The Problem With Being Called ‘Strong’ for Not Expressing Your Pain

Every morning I open my laptop and respond to blog comments. Once I’ve responded to and approved everything on my own blog, I open a new tab and navigate to The Mighty.com.

A great way to start my day, I always look forward to the positive messages and uplifting words of some of the only people in the world who seem to understand certain aspects of my life. We have the same struggles, fears, and problems.

This morning I stumbled across an amazing post by Morgan McCardell, contributor to the General Chronic Illness section of The Mighty. Her words describing pain and emotions that I have felt so many times.

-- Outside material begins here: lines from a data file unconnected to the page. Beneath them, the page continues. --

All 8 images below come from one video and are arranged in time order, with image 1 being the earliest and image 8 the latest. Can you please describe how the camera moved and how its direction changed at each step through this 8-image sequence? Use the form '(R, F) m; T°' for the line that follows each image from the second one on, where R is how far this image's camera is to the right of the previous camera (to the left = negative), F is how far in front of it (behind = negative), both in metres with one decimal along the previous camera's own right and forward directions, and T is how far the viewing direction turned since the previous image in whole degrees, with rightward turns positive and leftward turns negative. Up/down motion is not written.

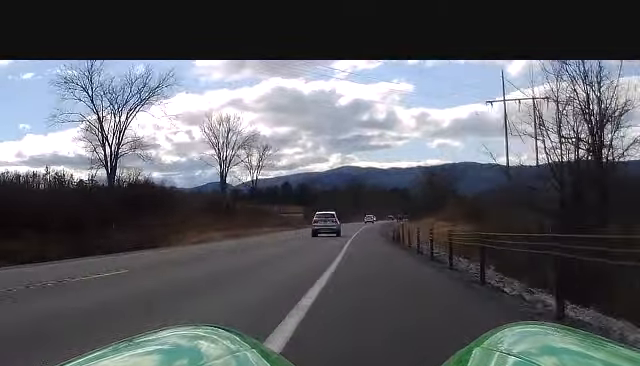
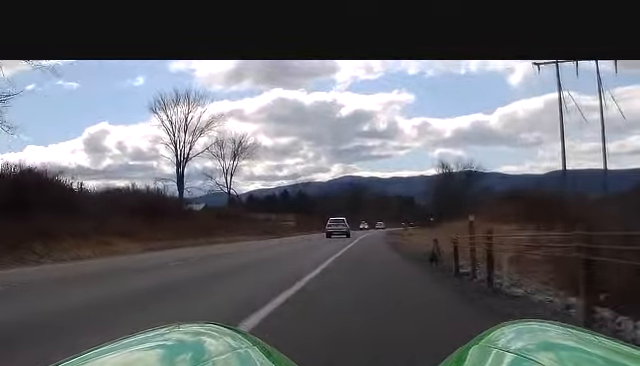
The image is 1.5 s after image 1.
(0.0, +30.7) m; -1°
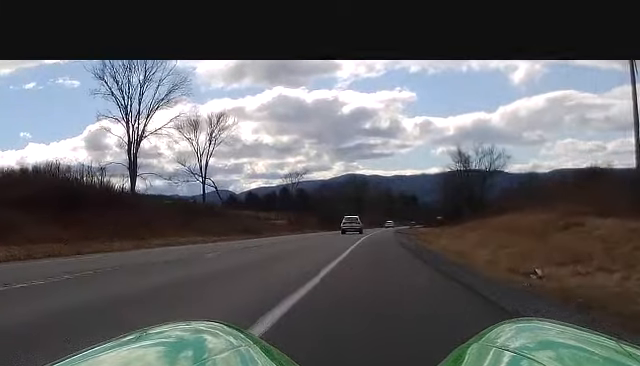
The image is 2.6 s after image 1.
(-0.4, +21.3) m; -1°
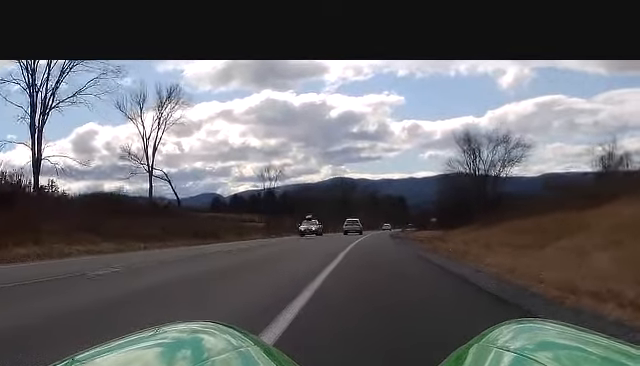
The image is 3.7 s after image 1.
(+0.1, +21.1) m; +1°
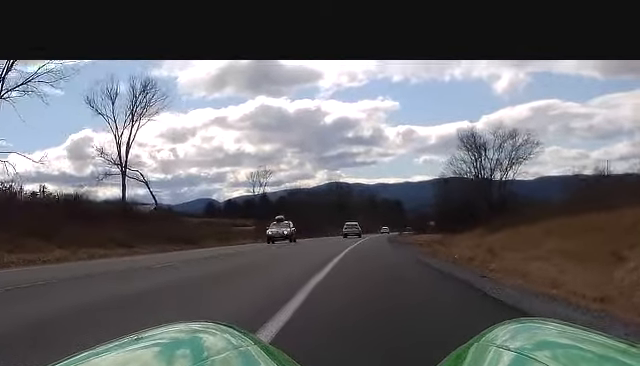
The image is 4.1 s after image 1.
(-0.1, +7.9) m; +1°
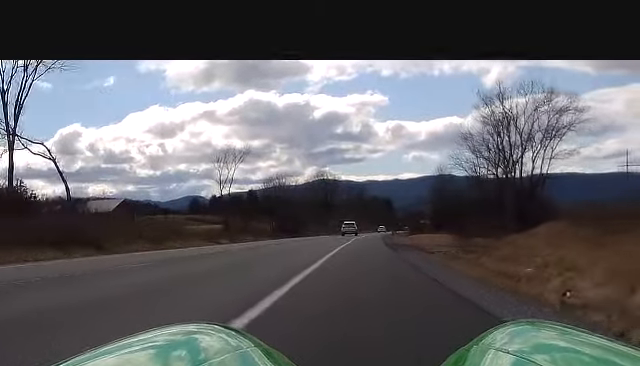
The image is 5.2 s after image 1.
(+0.7, +22.8) m; +1°
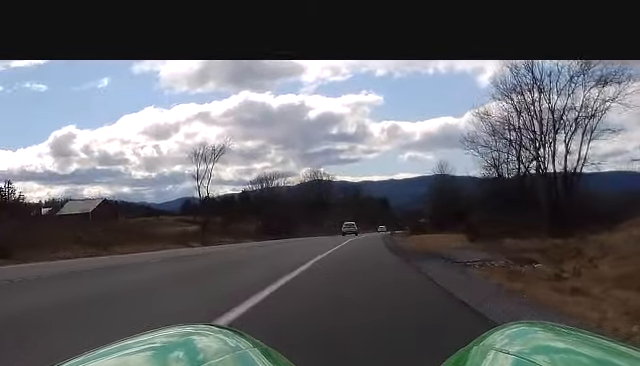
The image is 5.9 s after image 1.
(-0.2, +12.9) m; 0°
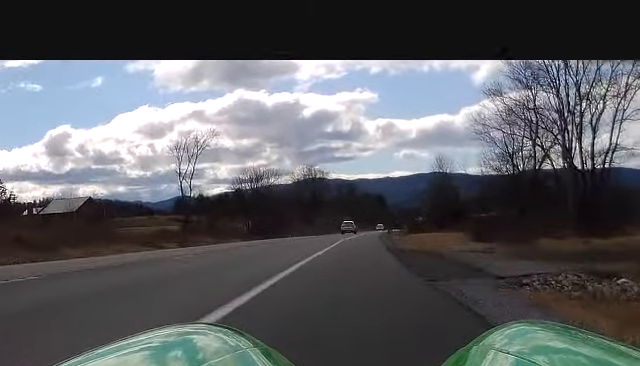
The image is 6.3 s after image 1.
(-0.3, +7.7) m; 0°

Society doesn’t respond well to weakness and I don’t respond well to pity so I often keep my struggles to myself. It is also very difficult to be so vulnerable when you are sick or have something that you cannot do for yourself.

We hide when we are struggling and people don’t normally get to see us when we are at our worst. People call us strong but in reality we my just be surviving or doing what we have to do to get by.

I do think I am strong and I realize I fight a lot of obstacles but the people who make these comments not normally people who understand what I actually go through.

Somehow it has less of a sting when someone reading my blog tells me I am strong or when someone who has seen me at my worst says it. At least these people actually know what strength I have.

Please check out the full post here. Below is just a small snip-it of her powerful post.

I take great issue with the sentiment that those who do not express their pain and sadness should be glorified for their strength. You’ve likely seen it in obituaries: “She fought a brave battle, and never complained once” or “She was always positive even through the pain.” The truth is, it is much more likely that they weren’t always positive. Whether it be pride, or simply not wanting to inconvenience anyone, it is much, much more likely that they just didn’t show their pain to you or never showed it to anyone at all. We all have dark days and we all need help and reassurance once in a while when we are struggling. To express that does not denote weakness. I feel that true strength is the ability to let yourself cry when you need to, to put pride aside and ask for help when you need it, and to let the ones who love you help pick you back up when you’ve fallen. I will not be ashamed of that, nor will I apologize for “feeling sorry for myself” when I need to. I will not apologize for being human.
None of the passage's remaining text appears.